Barry Callebaut has amended and extended its revolving credit facility. For the first time in Switzerland, the applicable credit margin is linked to the sustainability performance of Barry Callebaut, reported by Sustainalytics.
The most recent Sustainalytics performance of Barry Callebaut increased from 67 to 72. This score makes Barry Callebaut an ‘outperformer’ in its industry sector. ING is the Sustainability Coordinator of the facility, as part of a syndicate of 13 banks.
Victor Balli, CFO of Barry Callebaut, said: “I am pleased to be able to increase and extend our revolving credit facility with our core banks, which is proof of our excellent long-standing relationship. Following the announcement of our ambitious sustainability strategy ‘Forever Chocolate’ last November, I am proud that we are one of the pioneers in the green loan area. Linking the interest rate to our sustainability performance makes perfect business sense for us and the financial industry”.
Léon Wijnands, Global Head ING Sustainability: “ING supports clients who are a step ahead in sustainability. We congratulate Barry Callebaut with this financing, which underpins the sustainability ambitions of ‘Forever Chocolate.’”

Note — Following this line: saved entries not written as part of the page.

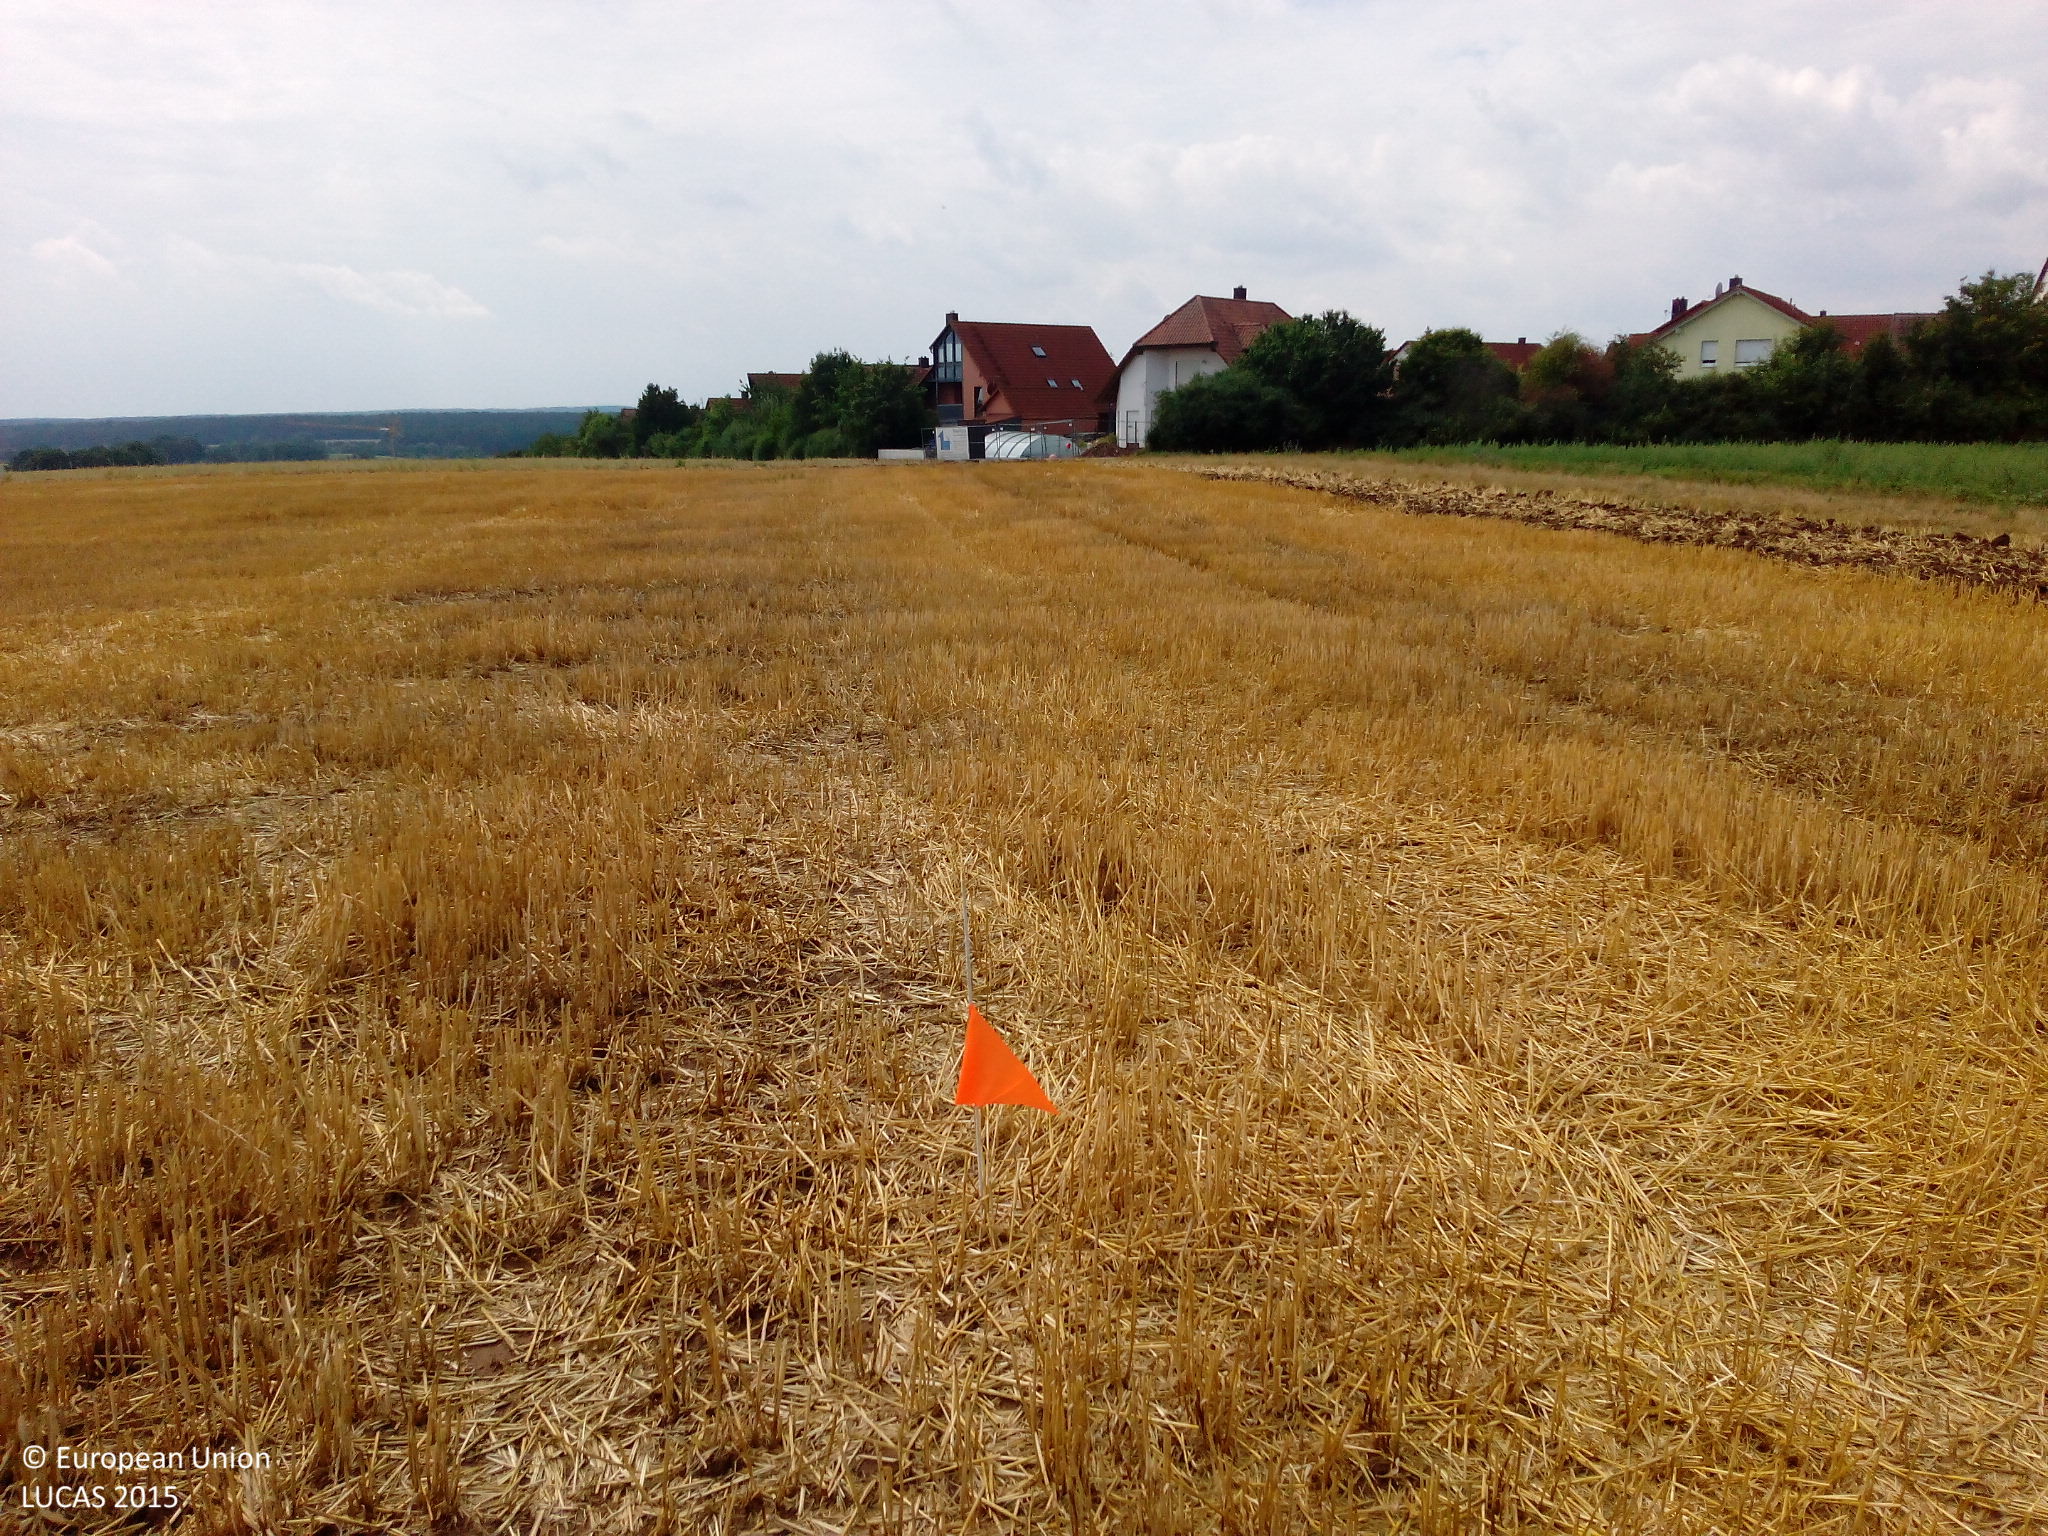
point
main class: Cropland
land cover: Barley
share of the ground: 25 - 50 %
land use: Agriculture (excluding fallow land and kitchen gardens)
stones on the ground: < 10 %
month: July
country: DE
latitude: 49.5153
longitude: 10.8975

In November 2016 Barry Callebaut launched its Forever Chocolate sustainability programme, targeting 100 per cent sustainable chocolate by 2025.

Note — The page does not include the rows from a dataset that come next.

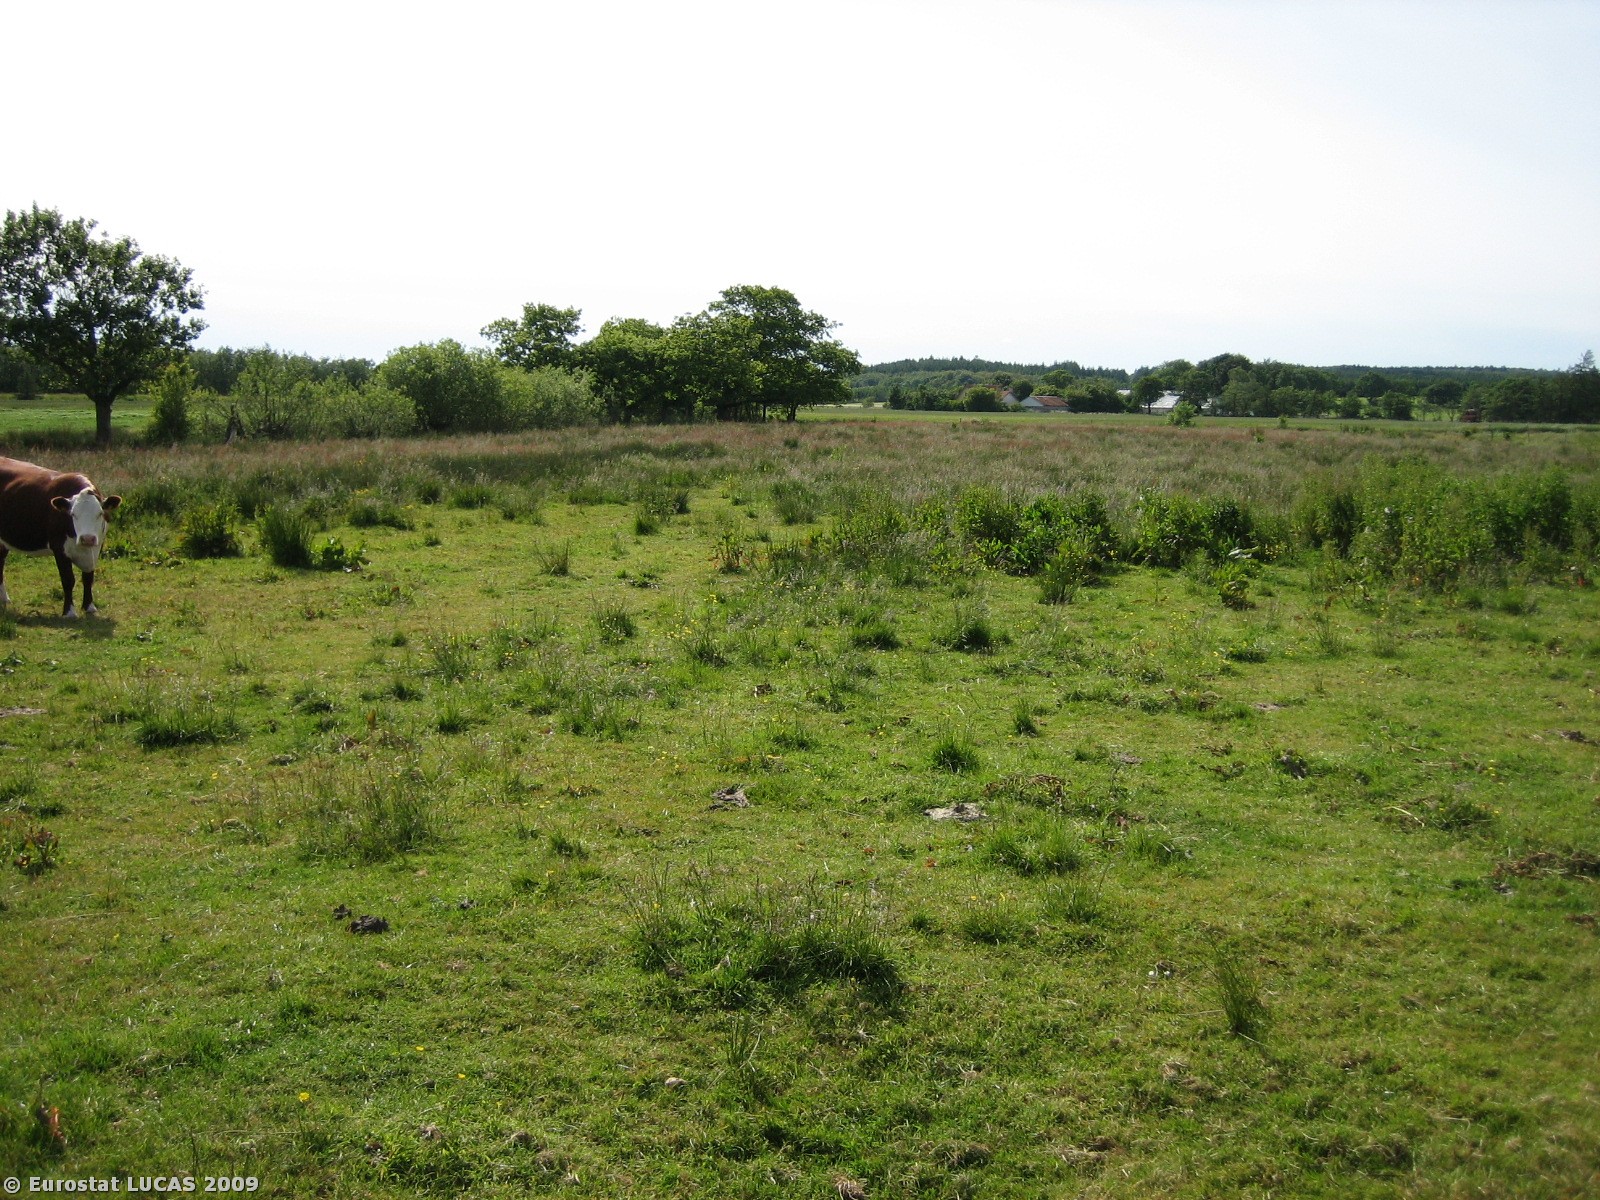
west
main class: Cropland
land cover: Common wheat
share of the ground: > 75 %
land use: Agriculture (excluding fallow land and kitchen gardens)
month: June
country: DK
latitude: 55.7545
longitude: 9.3156

In order to make sustainable chocolate the norm, Forever Chocolate includes four targets that the company expects to achieve by 2025 and that address the biggest sustainability challenges in the chocolate supply chain: child labour, farmer poverty, its carbon and forest footprint and sustainable sourcing.
The credit facility amount increased from €600 million to €750 million, further strengthening the group’s liquidity profile. The tenor is extended by three years to 2022, matching the group’s maturity profile.